§ Assignment
Copy exactly the lines of the material below that run from the one containing "The image shows 32" through the one containing "The image shows 76". Copy no other lines.

§ Listed entries
# # # # #
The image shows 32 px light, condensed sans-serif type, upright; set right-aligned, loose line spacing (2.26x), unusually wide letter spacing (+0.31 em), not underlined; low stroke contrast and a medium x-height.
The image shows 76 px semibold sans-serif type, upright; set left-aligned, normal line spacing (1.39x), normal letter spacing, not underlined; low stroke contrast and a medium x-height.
# # # # #
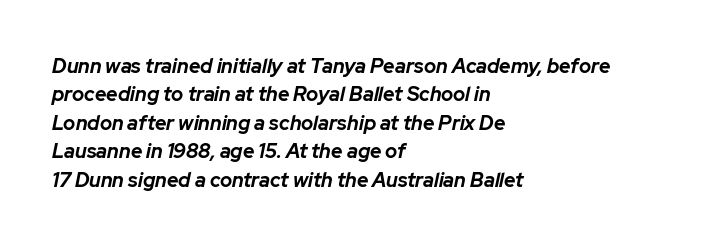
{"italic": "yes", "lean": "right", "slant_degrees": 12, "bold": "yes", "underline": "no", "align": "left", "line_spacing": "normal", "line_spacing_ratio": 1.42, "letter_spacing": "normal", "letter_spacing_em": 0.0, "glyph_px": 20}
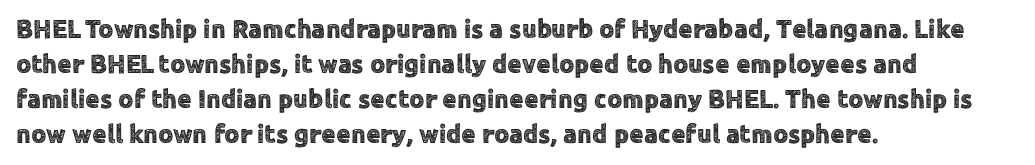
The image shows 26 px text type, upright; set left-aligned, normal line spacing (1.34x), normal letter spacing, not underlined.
# # # # #
§ Written response
The image shows 32 px light, condensed sans-serif type, upright; set right-aligned, loose line spacing (2.26x), unusually wide letter spacing (+0.31 em), not underlined; low stroke contrast and a medium x-height.
The image shows 76 px semibold sans-serif type, upright; set left-aligned, normal line spacing (1.39x), normal letter spacing, not underlined; low stroke contrast and a medium x-height.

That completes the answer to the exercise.